Oh, and along with using TAM to buy down three players, they also traded away TAM to pick up Bedoya (via the allocation order) and Charlie Davies (via trade with New England) last year. So the Union are in a bad cap situation. They’re also out of roster spots with 30 players.
How did they get thrust into this bad cap situation? Bad contracts. Simple. Four in particular stand out right now.
First there’s DP midfielder Maurice Edu ($480,625 cap hit). As of this writing, Edu’s last game with the Union was September 30, 2015, when the Union fell to Sporting KC in the US Open Cup final. He’s taking up a huge chunk of salary to not play for two years. Even if he comes back healthy, where do you play him? I would not want to break up the central midfield pairing of Medunjanin and Bedoya, and even if you did that you’d also be cutting off Derrick Jones’s opportunities at first team football, which goes against the team’s best interest (and Earnie Stewart‘s plan which relies on the talent in the Union Academy developing into first-team footballers).
Then there’s Jay Simpson ($465k salary + TAM buydown) – The justification for splashing TAM on Simpson was that the Union were hoping he would be Bradley Wright-Phillips 2.0. That completely ignored that BWP didn’t get his hefty contract until after a season where he potted 27 goals and EARNED a huge pay hike. Simpson just sorta got big money coming out of League Two despite not being all that prolific at that level.
Ilsinho ($465k) is a weird case. On his day, he is very effective – just ask FC Dallas who he brutalized on August 5 for a goal and assist – and can be a treat to watch with his bag of tricks. But other days, he’s just invisible.

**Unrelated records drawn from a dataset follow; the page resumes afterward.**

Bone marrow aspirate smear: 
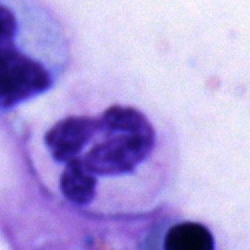This is a band neutrophil.
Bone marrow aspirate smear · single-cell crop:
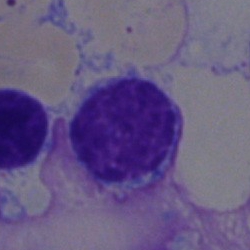

Q: What is the morphological classification of this cell?
A: It is a lymphocyte.
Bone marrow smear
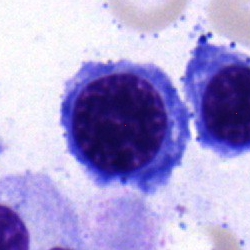
Morphology consistent with a normoblast.
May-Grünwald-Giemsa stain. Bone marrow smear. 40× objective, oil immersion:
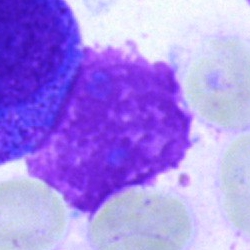
Classification = artifact.
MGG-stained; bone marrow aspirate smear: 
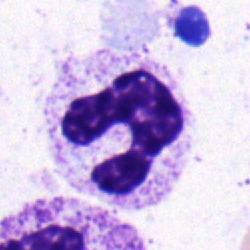
Specimen: bone marrow aspirate smear.
Classification: band-form neutrophil.
Lineage: myeloid.
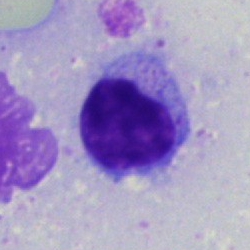A lymphocyte.
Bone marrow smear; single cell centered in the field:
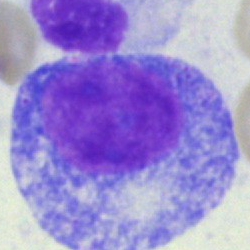
Single cell identified as a promyelocyte.
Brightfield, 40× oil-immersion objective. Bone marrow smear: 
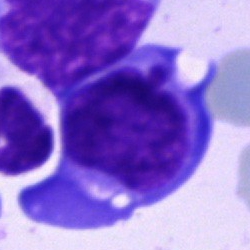

Specimen: bone marrow aspirate smear.
Cell type: blast.
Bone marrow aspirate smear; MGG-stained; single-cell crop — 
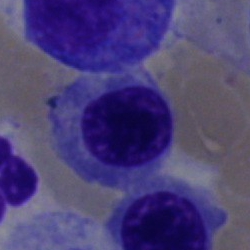 Classification = normoblast.
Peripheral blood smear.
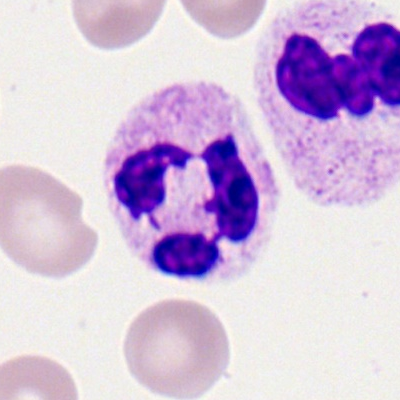This is a neutrophil (segmented).
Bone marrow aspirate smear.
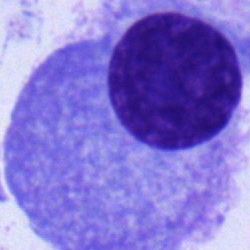

Cell — plasmacyte.
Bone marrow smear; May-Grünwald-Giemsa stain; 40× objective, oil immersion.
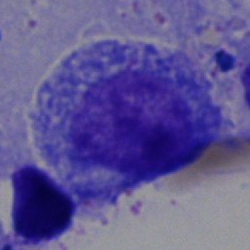Showing a progranulocyte.
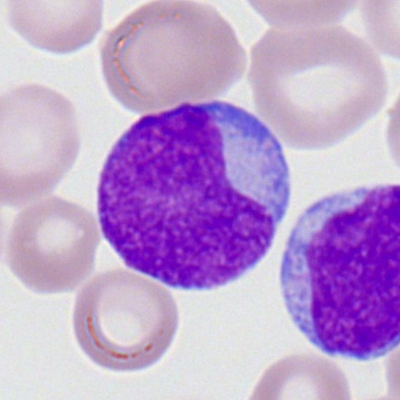 A myeloid blast on a peripheral blood smear.
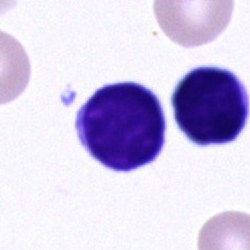
Q: What type of cell is this?
A: A lymphocyte.
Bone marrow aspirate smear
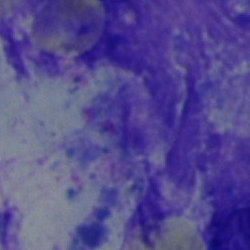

And finally we come to Roland Alberg ($345k salary). Alberg’s attitude has been a huge problem for the Zolos this year. After the departure of Tranquillo Barnetta, Alberg basically had the #10 spot handed to him on a platter. Cue him showing up to camp way out of shape, and when he gets on the pitch, he’s not been good enough to win anyone over. He’s twice fought with CJ Sapong over who would take spot kicks, and doesn’t have the final ball the Union needs from a #10.
“But wait, Locria,” you may be asking. “What about that glaring hole at the #10 spot? Don’t you want that filled?”
Of course I do. The Union need to clear up space and allocation money first, though. If you let these guys go at the end of the season, you find a team that now has cap space (especially if a few other players, such as Chris Pontius and Brian Carroll, also leave or take a pay cut), a couple open DP slots, and three international slots (the one recently traded to Columbus will be coming back in 2018). That’s when you take DP money, throw it at a veteran that can help teach young midfielders Adam Najem and Anthony Fontana how to play at a high level. Don’t lose your patience, make a horrible move now, and leave yourself screwed over come the winter.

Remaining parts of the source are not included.